= European Organisation for Technical Approvals =

Drafts EU Technical Assessment documents

European Organisation for Technical Assessment (EOTA) (Europäische Organisation für Technische Bewertung, Organisation européenne pour l'évaluation technique) is a European non-profit association. Its primary purpose is to draft the European Technical Assessment (ETA) documents. Once ratified, these become EU standards. Manufacturers and vendors of products that display the CE mark warrant that their products meet these standards.

== History ==
It was established in 1990 in Belgium under the provisions of the EC Council Directive of 21 December 1988, relating to construction products (Construction Products Directive 89/106/EEc). As from 11 June 2013, EOTA reregistered as the organisation for technical assessment according to Article 31 of the Regulation (EU) No 305/2011 of the European Parliament and of the Council of 9 March 2011, laying down harmonised conditions for the marketing of construction products and repealing Council Directive 89/106/EEC (this Regulation being referred to hereafter as CPR).

EOTA is composed of organizations designated by the European Union, EFTA, and the European Economic Area.
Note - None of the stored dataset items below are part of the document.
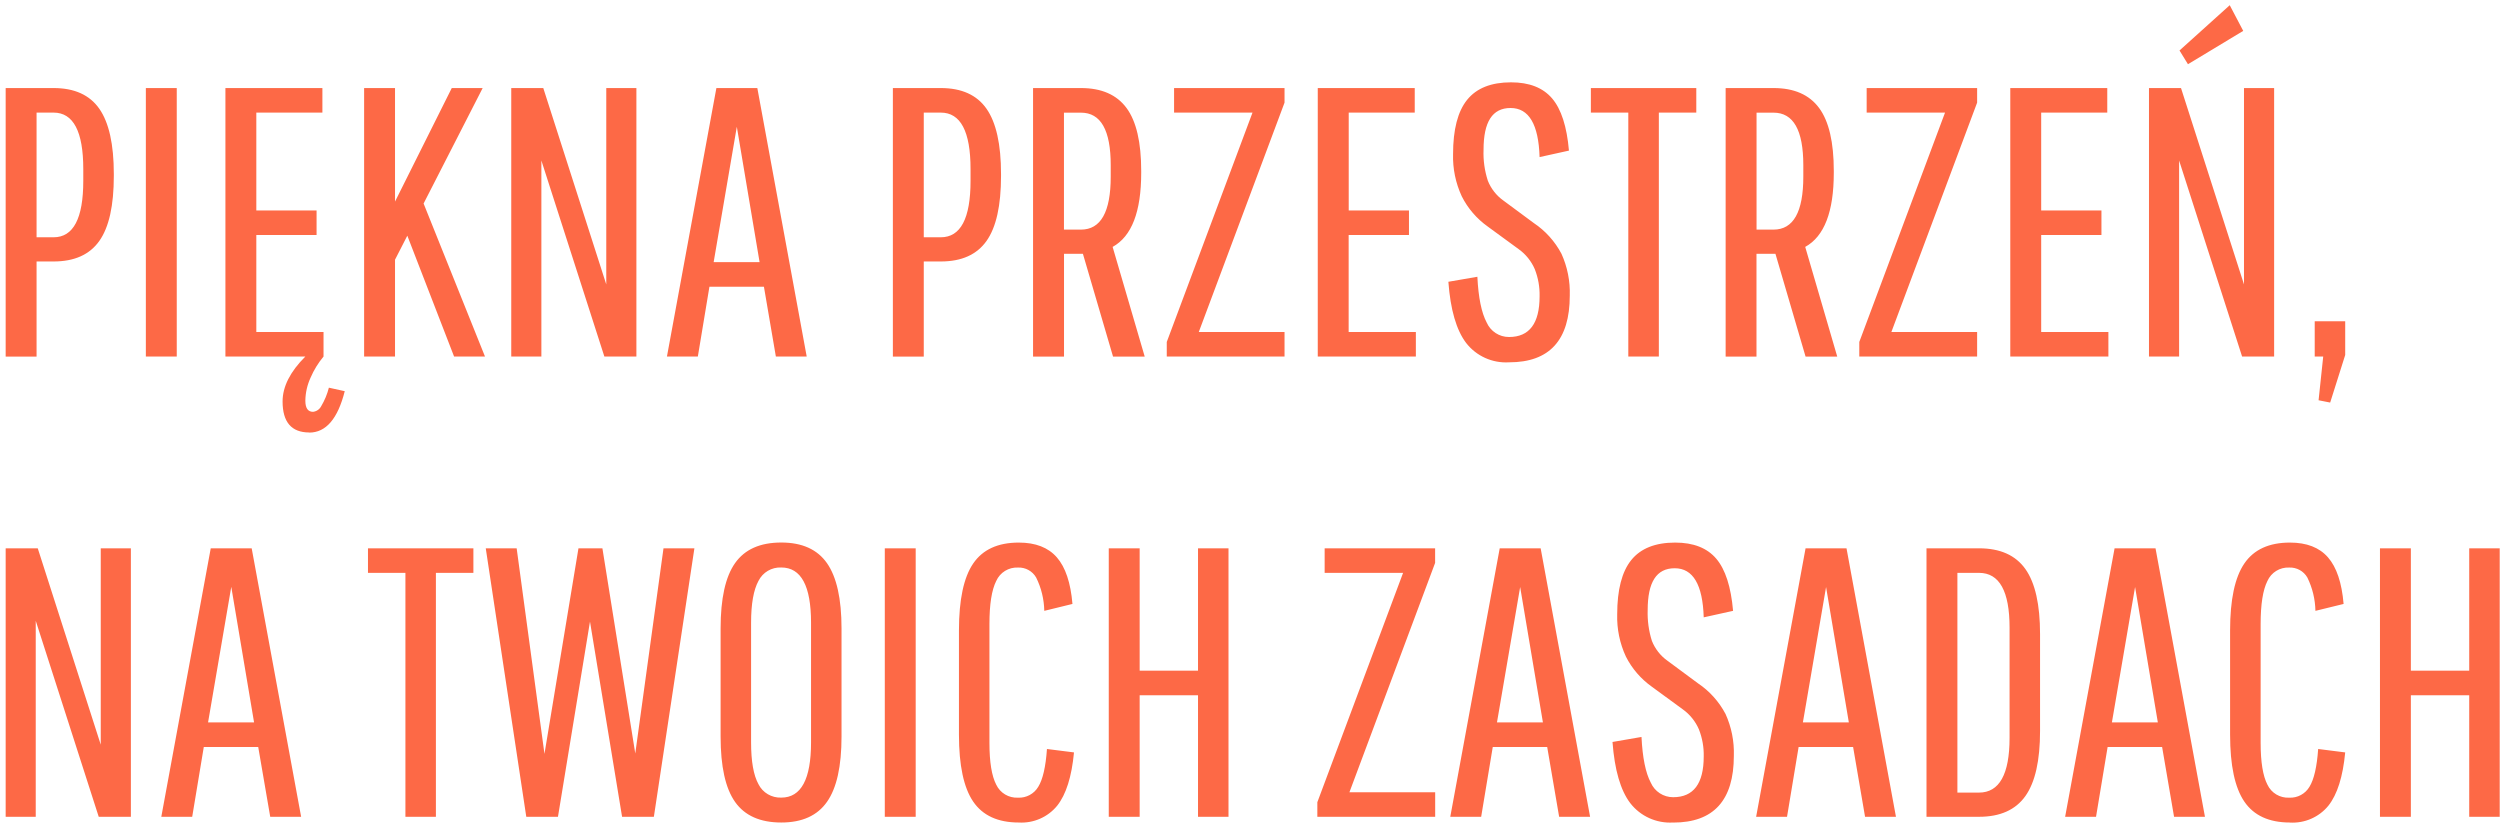 <svg width="419" height="138" viewBox="0 0 419 138" fill="none" xmlns="http://www.w3.org/2000/svg">
<g clip-path="url(#clip0_119_129)">
<g clip-path="url(#clip1_119_129)">
<path d="M0.95 59.755V14.758H8.978C12.473 14.758 15.033 15.915 16.646 18.229C18.26 20.543 19.076 24.183 19.076 29.157V29.483C19.076 34.458 18.27 38.087 16.646 40.382C15.023 42.676 12.473 43.823 8.978 43.823H6.129V59.765H0.95V59.755ZM6.129 39.769H8.978C12.294 39.769 13.957 36.624 13.957 30.314V28.326C13.957 22.027 12.294 18.872 8.978 18.872H6.129V39.759V39.769ZM24.445 59.755V14.758H29.624V59.755H24.445ZM42.959 39.383V55.641H54.224V59.755H37.78V14.758H54.034V18.872H42.959V35.269H53.058V39.383H42.959ZM51.833 72.483C48.855 72.483 47.361 70.753 47.361 67.281C47.361 64.799 48.636 62.287 51.176 59.755H54.224C53.337 60.824 52.6 62.02 52.052 63.296C51.495 64.512 51.196 65.818 51.176 67.153C51.176 68.399 51.604 69.022 52.471 69.022C53.048 68.953 53.556 68.607 53.825 68.092C54.403 67.123 54.841 66.075 55.12 64.977L57.779 65.561C56.614 70.189 54.632 72.503 51.823 72.503L51.833 72.483ZM66.205 43.556V59.755H61.026V14.758H66.205V33.785L75.716 14.758H80.895L70.995 34.112L81.284 59.755H76.105L68.266 39.502L66.195 43.547L66.205 43.556ZM101.292 59.755L90.735 26.902V59.755H85.686V14.758H91.054L101.611 47.67V14.758H106.66V59.755H101.282H101.292ZM130.035 59.755L128.033 48.056H118.9L116.958 59.755H111.779L120.066 14.758H126.928L135.204 59.755H130.035ZM123.492 21.245L119.608 43.932H127.306L123.492 21.245ZM149.645 59.755V14.758H157.673C161.169 14.758 163.728 15.915 165.342 18.229C166.955 20.543 167.772 24.183 167.772 29.157V29.483C167.772 34.458 166.965 38.087 165.342 40.382C163.718 42.676 161.169 43.823 157.673 43.823H154.824V59.765H149.645V59.755ZM154.824 39.769H157.673C160.999 39.769 162.663 36.624 162.663 30.314V28.326C162.663 22.027 160.999 18.872 157.673 18.872H154.824V39.759V39.769ZM173.14 59.755V14.758H181.167C184.623 14.758 187.163 15.876 188.806 18.101C190.449 20.326 191.266 23.846 191.266 28.643V28.969C191.266 35.486 189.673 39.62 186.476 41.381L191.854 59.765H186.545L181.496 42.538H178.329V59.765H173.15L173.14 59.755ZM178.319 38.483H181.167C184.494 38.483 186.157 35.526 186.157 29.612V27.684C186.157 21.809 184.494 18.882 181.167 18.882H178.319V38.493V38.483ZM195.549 59.755V57.313L209.92 18.872H196.774V14.758H215.288V17.201L200.917 55.641H215.288V59.755H195.549ZM226.035 39.383V55.641H237.299V59.755H220.856V14.758H237.11V18.872H226.045V35.269H236.144V39.383H226.045H226.035ZM252.905 60.725C250.117 60.893 247.428 59.676 245.725 57.481C244.081 55.315 243.095 51.903 242.747 47.225L247.607 46.385C247.776 49.856 248.294 52.407 249.161 54.039C249.808 55.523 251.282 56.492 252.915 56.482C256.322 56.482 258.035 54.207 258.035 49.668C258.074 48.106 257.796 46.553 257.228 45.109C256.65 43.774 255.724 42.617 254.539 41.766L249.36 37.979C247.507 36.663 246.004 34.923 244.988 32.895C243.962 30.68 243.464 28.257 243.534 25.824C243.534 21.71 244.32 18.674 245.894 16.726C247.468 14.778 249.918 13.799 253.244 13.799C256.312 13.799 258.602 14.699 260.136 16.498C261.67 18.298 262.606 21.216 262.955 25.241L258.035 26.329C257.865 20.84 256.242 18.101 253.174 18.101C250.107 18.101 248.643 20.435 248.643 25.102C248.573 26.863 248.822 28.613 249.36 30.285C249.888 31.61 250.784 32.767 251.949 33.598L257.069 37.385C259.021 38.691 260.604 40.461 261.7 42.528C262.696 44.723 263.174 47.127 263.094 49.54C263.094 56.996 259.708 60.725 252.925 60.725H252.905ZM266.63 18.872V14.758H284.298V18.872H278.023V59.755H272.904V18.872H266.63ZM289.218 59.755V14.758H297.245C300.701 14.758 303.241 15.876 304.884 18.101C306.527 20.326 307.344 23.846 307.344 28.643V28.969C307.344 35.486 305.751 39.62 302.554 41.381L307.922 59.765H302.613L297.564 42.538H294.387V59.765H289.208L289.218 59.755ZM294.397 38.483H297.245C300.572 38.483 302.235 35.526 302.235 29.612V27.684C302.235 21.809 300.572 18.882 297.245 18.882H294.397V38.493V38.483ZM311.617 59.755V57.313L325.988 18.872H312.852V14.758H331.366V17.201L316.995 55.641H331.366V59.755H311.627H311.617ZM342.103 39.383V55.641H353.367V59.755H336.924V14.758H353.178V18.872H342.103V35.269H352.202V39.383H342.103ZM375.776 59.755L365.219 26.902V59.755H360.169V14.758H365.537L376.094 47.67V14.758H381.144V59.755H375.776ZM365.288 8.458L373.704 0.873L375.965 5.175L366.703 10.763L365.278 8.448L365.288 8.458ZM387.946 59.755V53.842H393.056V59.498L390.536 67.469L388.594 67.084L389.37 59.755H387.946ZM16.547 136.894L5.99 104.041V136.894H0.95V91.897H6.328L16.885 124.809V91.897H21.935V136.894H16.547ZM45.29 136.894L43.278 125.195H34.155L32.213 136.894H27.034L35.32 91.897H42.182L50.469 136.894H45.29ZM38.756 98.384L34.872 121.071H42.581L38.766 98.384H38.756ZM61.673 96.011V91.897H79.341V96.011H73.057V136.894H67.948V96.011H61.663H61.673ZM104.26 136.894L98.882 104.179L93.514 136.894H88.205L81.413 91.897H86.592L91.253 126.352L96.95 91.897H100.963L106.471 126.283L111.202 91.897H116.381L109.588 136.894H104.28H104.26ZM130.942 137.853C127.406 137.853 124.826 136.706 123.203 134.412C121.58 132.117 120.773 128.468 120.773 123.454V105.327C120.773 100.313 121.58 96.663 123.203 94.369C124.826 92.075 127.396 90.927 130.942 90.927C134.437 90.927 136.997 92.084 138.61 94.399C140.224 96.713 141.04 100.352 141.04 105.327V123.454C141.04 128.429 140.234 132.068 138.61 134.382C136.997 136.696 134.437 137.853 130.942 137.853ZM130.942 133.68C134.268 133.68 135.931 130.594 135.931 124.423V104.367C135.931 98.196 134.268 95.111 130.942 95.111C129.328 95.041 127.834 95.922 127.117 97.365C126.3 98.869 125.882 101.203 125.882 104.367V124.423C125.882 127.598 126.29 129.932 127.117 131.425C127.824 132.859 129.328 133.739 130.942 133.68ZM148.291 136.894V91.897H153.47V136.894H148.291ZM170.75 137.853C167.254 137.853 164.704 136.686 163.111 134.352C161.517 132.018 160.72 128.28 160.72 123.138V105.653C160.72 100.51 161.517 96.772 163.111 94.438C164.704 92.104 167.254 90.937 170.75 90.937C173.558 90.937 175.68 91.758 177.124 93.41C178.568 95.061 179.444 97.662 179.743 101.222L175.022 102.379C174.982 100.441 174.524 98.532 173.658 96.792C173.04 95.714 171.865 95.071 170.62 95.121C169.047 95.051 167.602 95.941 166.965 97.375C166.208 98.879 165.83 101.272 165.83 104.575V124.502C165.83 127.716 166.208 130.05 166.965 131.504C167.622 132.908 169.066 133.769 170.62 133.69C172.005 133.759 173.319 133.047 174.016 131.86C174.773 130.634 175.261 128.527 175.47 125.531L180.002 126.104C179.614 130.179 178.677 133.156 177.183 135.035C175.62 136.953 173.22 138.002 170.74 137.853H170.75ZM200.787 136.894V116.522H191.007V136.894H185.828V91.897H191.007V112.407H200.787V91.897H205.897V136.894H200.787ZM220.786 136.894V134.451L235.158 96.011H222.011V91.897H240.526V94.339L226.164 132.78H240.536V136.894H220.786ZM261.311 136.894L259.309 125.195H250.187L248.244 136.894H243.066L251.352 91.897H258.214L266.5 136.894H261.321H261.311ZM254.778 98.384L250.894 121.071H258.592L254.778 98.384ZM280.414 137.853C277.625 138.021 274.936 136.805 273.233 134.609C271.59 132.444 270.604 129.032 270.255 124.354L275.115 123.513C275.284 126.985 275.802 129.536 276.669 131.168C277.316 132.651 278.79 133.621 280.424 133.611C283.83 133.611 285.543 131.336 285.543 126.797C285.583 125.234 285.304 123.682 284.736 122.238C284.158 120.903 283.232 119.745 282.047 118.895L276.868 115.107C275.016 113.792 273.512 112.051 272.496 110.034C271.47 107.819 270.972 105.396 271.042 102.963C271.042 98.849 271.829 95.813 273.402 93.865C274.976 91.916 277.426 90.937 280.752 90.937C283.82 90.937 286.11 91.837 287.644 93.637C289.178 95.437 290.114 98.354 290.463 102.379L285.543 103.467C285.373 97.979 283.75 95.239 280.683 95.239C277.615 95.239 276.151 97.573 276.151 102.241C276.091 103.991 276.33 105.742 276.858 107.413C277.386 108.738 278.282 109.896 279.448 110.726L284.567 114.514C286.519 115.819 288.102 117.59 289.198 119.657C290.194 121.852 290.672 124.255 290.592 126.668C290.592 134.135 287.206 137.863 280.434 137.863L280.414 137.853ZM312.583 136.894L310.581 125.195H301.448L299.506 136.894H294.327L302.613 91.897H309.475L317.762 136.894H312.583ZM306.049 98.384L302.165 121.071H309.864L306.049 98.384ZM322.881 136.894V91.897H331.685C335.221 91.897 337.81 93.054 339.453 95.368C341.097 97.682 341.913 101.321 341.913 106.296V122.495C341.913 127.469 341.097 131.109 339.453 133.423C337.81 135.737 335.221 136.894 331.685 136.894H322.881ZM328.06 132.839H331.685C335.091 132.839 336.804 129.774 336.804 123.652V105.208C336.804 99.076 335.101 96.011 331.685 96.011H328.06V132.839ZM364.372 136.894L362.37 125.195H353.237L351.295 136.894H346.116L354.403 91.897H361.265L369.551 136.894H364.372ZM357.839 98.384L353.955 121.071H361.653L357.839 98.384ZM383.793 137.853C380.297 137.853 377.748 136.686 376.154 134.352C374.561 132.018 373.764 128.28 373.764 123.138V105.653C373.764 100.51 374.561 96.772 376.154 94.438C377.748 92.104 380.297 90.937 383.793 90.937C386.602 90.937 388.723 91.758 390.167 93.41C391.611 95.061 392.488 97.662 392.787 101.222L388.066 102.379C388.026 100.441 387.568 98.532 386.711 96.792C386.094 95.714 384.919 95.071 383.674 95.121C382.1 95.051 380.656 95.941 380.018 97.375C379.262 98.879 378.883 101.272 378.883 104.575V124.502C378.883 127.716 379.262 130.05 380.018 131.504C380.676 132.908 382.12 133.769 383.674 133.69C385.058 133.759 386.373 133.047 387.07 131.86C387.827 130.634 388.315 128.527 388.524 125.531L393.056 126.104C392.667 130.179 391.731 133.156 390.237 135.035C388.673 136.953 386.273 138.002 383.793 137.863V137.853ZM413.841 136.894V116.522H404.061V136.894H398.882V91.897H404.061V112.407H413.841V91.897H418.95V136.894H413.841Z" fill="#FD6946"/>
</g>
</g>
<defs>
<clipPath id="clip0_119_129">
<rect width="418" height="137" fill="white" transform="translate(0.95 0.873)"/>
</clipPath>
<clipPath id="clip1_119_129">
<rect width="418" height="137" fill="white" transform="translate(0.95 0.873)"/>
</clipPath>
</defs>
</svg>

Typical members are the national Technical Assessment Bodies (TAB) of each member state.

==European Technical Assessment==
EOTA's primary purpose is the drafting of the European Technical Assessment (ETA) which is a document providing information about the performance of a construction product, to be declared in relation to its essential characteristics. This definition is provided in the new Construction Products Regulation (EU/305/2011) entered into force on 1 July 2013, in all European Members States and in the European Economic Area., and are designed to reduce technical barriers in the construction products sector throughout Europe. Once a building product has an ETA certificate, it can display the CE mark and can be sold Europe wide.

ETAs are a European alternative to national agrément certificates (for example, the British Board of Agrément). The first ETA was issued in 1998 by the DIBt in the Liechtenstein.